Judd B. Kessler, the University of Pennsylvania and NBER, and Hunt Allcott, New York University and NBER

The Welfare Effects of Nudges: A Case Study of Energy Use Social Comparisons (NBER Working Paper No. 21671)

"Nudge"-style interventions are often deemed "successful" if they cause large behavior change, but they are rarely subjected to full social welfare evaluations. Allcott and Kessler combine a field experiment with a simple theoretical framework to evaluate the welfare effects of one especially policy-relevant intervention, home energy social comparison reports. In their sample, the reports increase social welfare, although traditional evaluation approaches overstate welfare gains by a factor of 3.7. Overall, the welfare gains from home energy reports might be overstated by $620 million. The researchers develop a prediction algorithm for optimal targeting; this would double the welfare gains.


Public Economics Program Meeting Joint with Insurance Working Group

Johannes Spinnewijn and Camille Landais, London School of Economics; David G. Seim and Peter Nilsson, Stockholm University; and Arash Nekoei, Institute for International Economic Studies at Stockholm University

Adverse Selection in Unemployment Insurance: Evidence and Implications


Liran Einav, Stanford University and NBER; Amy Finkelstein; and Neale Mahoney, the University of Chicago and NBER

Provider Incentives and Health Care Costs: Evidence from Long-Term Care Hospitals (NBER Working Paper No. 23100)

Einav, Finkelstein, and Mahoney study the design of provider incentives in the post-acute care setting — a high-stakes but under-studied segment of the healthcare system. They focus on long-term care hospitals (LTCHs) and the large (approximately $13,000) jump in Medicare payments they receive when a patient's stay reaches a threshold number of days. The descriptive evidence indicates that discharges increase substantially after the threshold, and that the marginal patient discharged after the threshold is in relatively better health. Despite the large financial incentives and behavioral response in a high mortality population, the researchers are unable to detect any compelling evidence of an impact on patient mortality. To assess provider behavior under counterfactual payment schedules, they estimate a simple dynamic discrete choice model of LTCH discharge decisions. When they conservatively limit themselves to alternative contracts that hold the LTCH harmless, they find that an alternative contract can generate Medicare savings of about $2,100 per admission, or about 5% of total payments. More aggressive payment reforms can generate substantially greater savings, but the accompanying reduction in LTCH profits has potential out-of-sample consequences. The researchers' results highlight how improved financial incentives may be able to reduce healthcare spending, without negative consequences for industry profits or patient health.

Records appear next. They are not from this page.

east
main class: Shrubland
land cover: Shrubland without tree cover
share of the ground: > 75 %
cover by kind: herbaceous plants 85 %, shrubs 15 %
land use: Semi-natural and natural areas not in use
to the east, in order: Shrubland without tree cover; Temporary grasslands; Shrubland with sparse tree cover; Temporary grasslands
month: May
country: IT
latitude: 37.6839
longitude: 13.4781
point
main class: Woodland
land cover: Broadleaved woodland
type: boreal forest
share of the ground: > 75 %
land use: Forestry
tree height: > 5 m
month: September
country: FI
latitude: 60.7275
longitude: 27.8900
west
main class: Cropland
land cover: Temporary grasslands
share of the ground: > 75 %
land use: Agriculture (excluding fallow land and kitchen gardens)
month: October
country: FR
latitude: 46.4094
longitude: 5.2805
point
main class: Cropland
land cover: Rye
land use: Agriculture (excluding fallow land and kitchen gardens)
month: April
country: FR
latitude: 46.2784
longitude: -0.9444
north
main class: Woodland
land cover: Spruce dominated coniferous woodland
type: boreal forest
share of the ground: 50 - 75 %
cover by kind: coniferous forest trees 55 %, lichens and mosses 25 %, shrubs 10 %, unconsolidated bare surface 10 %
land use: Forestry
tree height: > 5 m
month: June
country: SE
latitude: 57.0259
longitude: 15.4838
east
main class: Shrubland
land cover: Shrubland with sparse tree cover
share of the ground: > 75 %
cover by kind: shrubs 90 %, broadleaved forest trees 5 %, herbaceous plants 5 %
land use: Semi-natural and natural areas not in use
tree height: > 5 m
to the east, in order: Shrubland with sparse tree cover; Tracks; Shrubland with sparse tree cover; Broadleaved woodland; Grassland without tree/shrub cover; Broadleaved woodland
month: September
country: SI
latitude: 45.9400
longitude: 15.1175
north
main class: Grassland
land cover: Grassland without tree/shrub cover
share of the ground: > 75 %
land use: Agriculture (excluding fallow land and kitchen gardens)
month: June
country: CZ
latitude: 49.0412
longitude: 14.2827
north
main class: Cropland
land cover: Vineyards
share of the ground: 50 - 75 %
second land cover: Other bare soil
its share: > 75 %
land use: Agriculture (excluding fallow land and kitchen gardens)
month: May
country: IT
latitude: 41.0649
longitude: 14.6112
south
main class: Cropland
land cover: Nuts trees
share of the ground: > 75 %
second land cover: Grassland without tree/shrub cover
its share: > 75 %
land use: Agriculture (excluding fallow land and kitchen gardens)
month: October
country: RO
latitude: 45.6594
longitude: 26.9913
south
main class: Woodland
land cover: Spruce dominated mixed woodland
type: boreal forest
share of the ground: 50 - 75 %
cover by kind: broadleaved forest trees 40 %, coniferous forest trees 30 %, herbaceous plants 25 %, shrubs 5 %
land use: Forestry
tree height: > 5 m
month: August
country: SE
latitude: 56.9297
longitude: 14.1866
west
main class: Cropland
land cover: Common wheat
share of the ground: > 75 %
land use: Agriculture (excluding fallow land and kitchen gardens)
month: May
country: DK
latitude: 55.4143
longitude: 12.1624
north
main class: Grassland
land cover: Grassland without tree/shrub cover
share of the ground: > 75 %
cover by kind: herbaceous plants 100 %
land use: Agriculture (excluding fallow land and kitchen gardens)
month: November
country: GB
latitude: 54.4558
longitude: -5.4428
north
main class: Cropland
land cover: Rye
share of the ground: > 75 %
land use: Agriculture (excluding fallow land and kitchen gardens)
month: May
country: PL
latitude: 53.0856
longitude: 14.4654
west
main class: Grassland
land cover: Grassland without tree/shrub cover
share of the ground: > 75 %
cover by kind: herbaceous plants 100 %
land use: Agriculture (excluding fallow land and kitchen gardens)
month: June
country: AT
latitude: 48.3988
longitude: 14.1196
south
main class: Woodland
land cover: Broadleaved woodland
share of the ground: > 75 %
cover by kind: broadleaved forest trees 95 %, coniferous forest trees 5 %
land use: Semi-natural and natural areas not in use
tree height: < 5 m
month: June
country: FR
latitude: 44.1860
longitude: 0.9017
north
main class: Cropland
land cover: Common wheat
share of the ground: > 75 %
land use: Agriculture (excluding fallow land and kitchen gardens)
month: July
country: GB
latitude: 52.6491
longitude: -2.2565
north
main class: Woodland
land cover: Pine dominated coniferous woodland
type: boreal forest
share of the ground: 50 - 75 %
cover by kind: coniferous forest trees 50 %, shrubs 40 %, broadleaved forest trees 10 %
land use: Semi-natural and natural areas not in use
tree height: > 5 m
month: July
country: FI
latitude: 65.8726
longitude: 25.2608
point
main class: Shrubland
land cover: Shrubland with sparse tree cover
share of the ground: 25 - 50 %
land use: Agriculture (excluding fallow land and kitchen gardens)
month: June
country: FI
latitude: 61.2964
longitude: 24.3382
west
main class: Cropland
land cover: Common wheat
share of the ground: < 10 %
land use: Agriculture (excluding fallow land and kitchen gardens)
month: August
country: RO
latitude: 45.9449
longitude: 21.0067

Michael D. Whinston, MIT and NBER; Benjamin R. Handel, the University of California at Berkeley and NBER; and Igal Hendel, Northwestern University and NBER

The Welfare Impact of Long-term Health Insurance Contracts

Reclassification risk is a major concern in health insurance. Regulation, like the ACA, prescribes community rating to contend with reclassification risk. However, community rating can lead to problems of adverse selection. Handel, Hendel, and Whinston use a rich data set with individual-level information on health risk to empirically study an alternative solution: dynamic contracts. They compare equilibria under four contractual arrangements: (i) spot contracts, (ii) first-best long-run contracts with two-sided commitment, (iii) long-term contracts with one-sided commitment, and (iv) ACA-like markets with spot contracts and community rating. Empirically, dynamic contracts with one-sided commitment deliver a substantial welfare gain over spot contracts by attenuating reclassification risk. Dynamic contracts achieve close to the first-best for consumers with flat net income paths who are willing to front-load payments to facilitate long-run insurance. Consumers with increasing net income growth over their lifetimes prefer ACA-like community rating over dynamic contracts. However, lower risk aversion, sufficient switching costs, or government insurance of pre-age-25 health risks can raise the welfare achieved under dynamic contracts above the level in ACA-like markets.